«Если ты художник, воспитанный в русской культуре, кому ты там нужен?»
Полвека назад работать в кино, невзирая на советскую цензуру, было проще, чем сегодня. При этом ренессанс в этой сфере искусства вполне возможен, потому что любая история развивается циклично, считает режиссер Вадим Абдрашитов. В интервью «Известиям» автор самых острых позднесоветских и раннероссийских фильмов рассказал, почему его картины ни разу не оказывались на полке, какие слова он находит для описания международной обстановки студентам и почему не соглашается, когда его фильмы называют пророческими, хотя до сих пор, по его словам, готов подписаться под каждой своей работой в кино.

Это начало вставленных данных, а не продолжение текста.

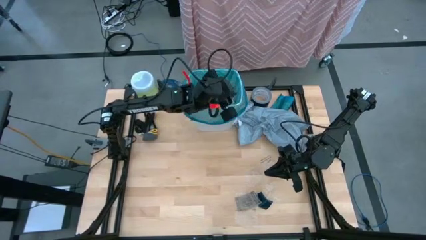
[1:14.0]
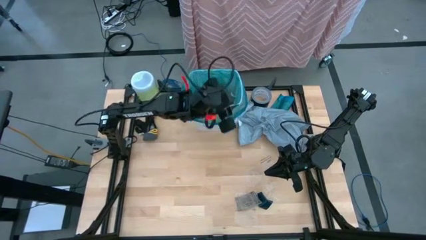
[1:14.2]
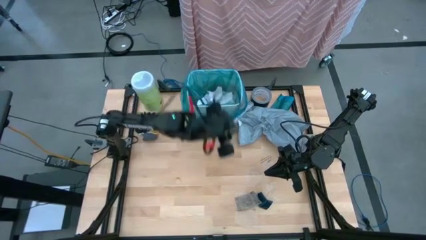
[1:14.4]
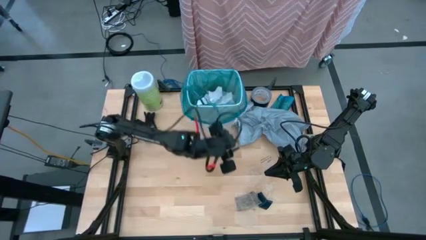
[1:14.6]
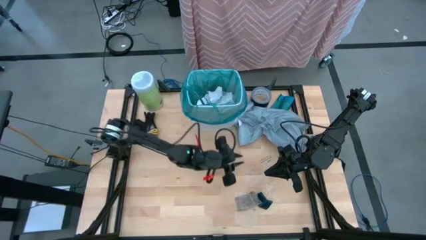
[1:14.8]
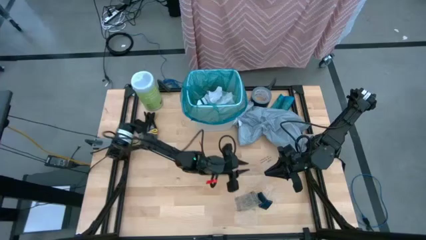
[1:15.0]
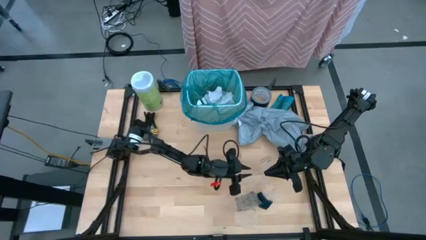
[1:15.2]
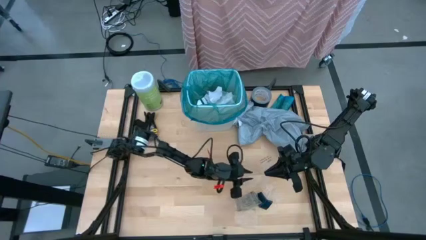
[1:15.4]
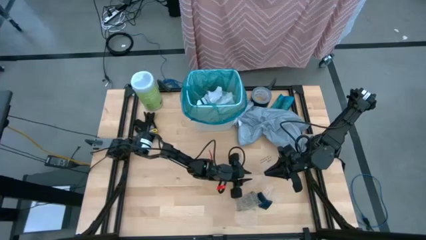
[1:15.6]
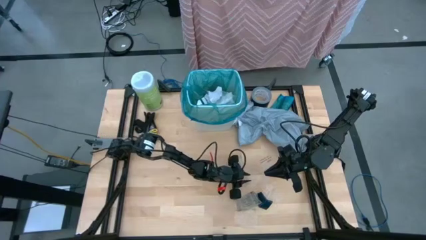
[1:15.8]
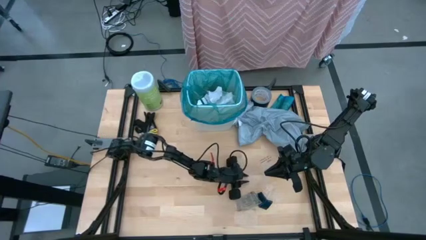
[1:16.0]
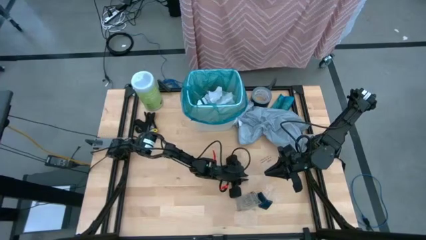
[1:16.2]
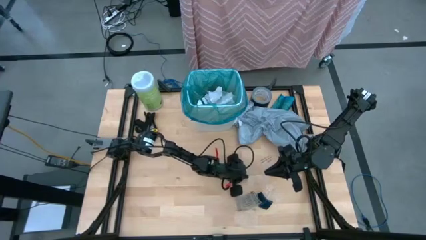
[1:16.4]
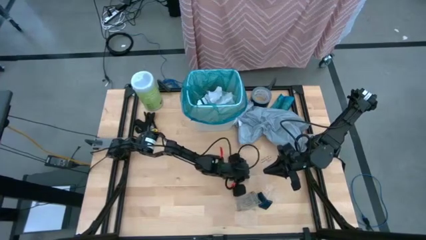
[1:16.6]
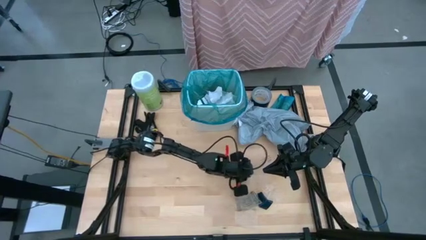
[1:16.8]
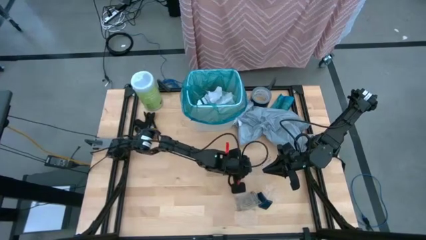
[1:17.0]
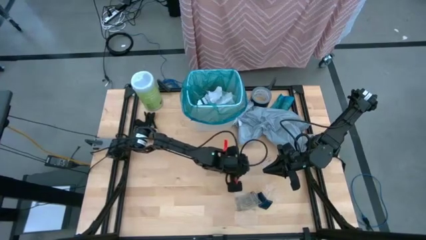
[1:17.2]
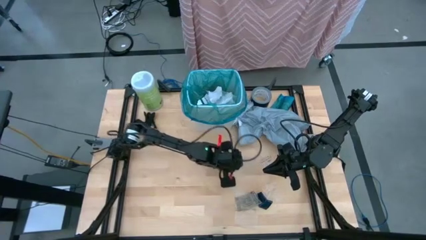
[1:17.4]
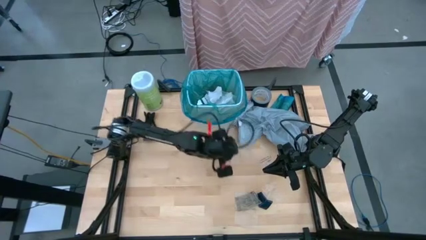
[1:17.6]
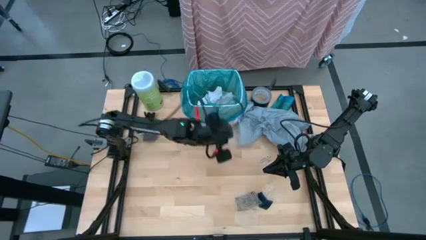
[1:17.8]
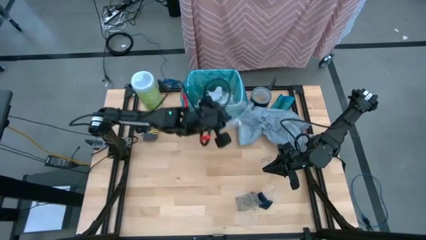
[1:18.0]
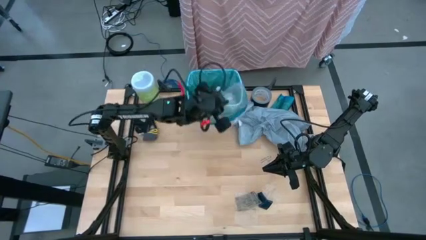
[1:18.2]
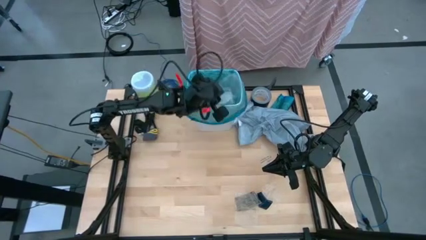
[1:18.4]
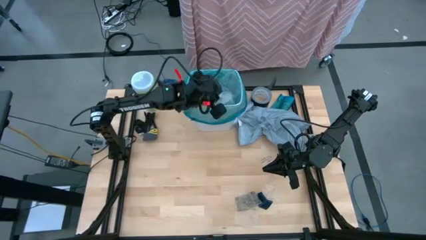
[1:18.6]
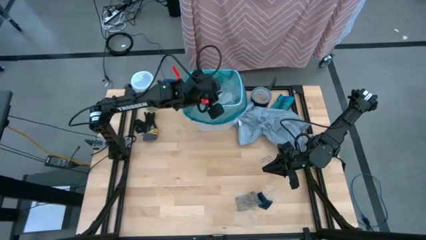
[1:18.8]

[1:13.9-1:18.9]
Task: place trash/remove bag and relplace
Put the transparent plastic material into the trash bin

«Надеюсь на ренессанс в киноискусстве»
— Наша беседа проходит на фоне вашей ретроспективы в рамках «КАРО.АРТ», которая продлится до 6 июня. Если бы лично верстали ее программу, что бы вы показали именно сейчас и почему?
— Примерно то же, что сейчас в ретроспективе. Например, она заканчивается «Временем танцора», и я тоже показал бы ее обязательно. Картина вполне зрительская, чтобы привлечь внимание, и достаточно актуальная. Речь там идет о некоей войне, которая закончилась относительно недавно, и вот наступает мирная жизнь. И авторы картины приглядывается к этой жизни, к этим героям. Конечно, я показал бы «Магнитные бури». И «Армавир». И это не алармизм. В «Армавире» есть ощущение гигантского исторического слома, эхо которого до сих пор звучит. Показал бы «Слугу» с гениальной работой Олега Борисова — про абсолютную власть над человеком, власть как таковую. И про человека, который был уверен, что он независим, но оказалось, что это далеко не так.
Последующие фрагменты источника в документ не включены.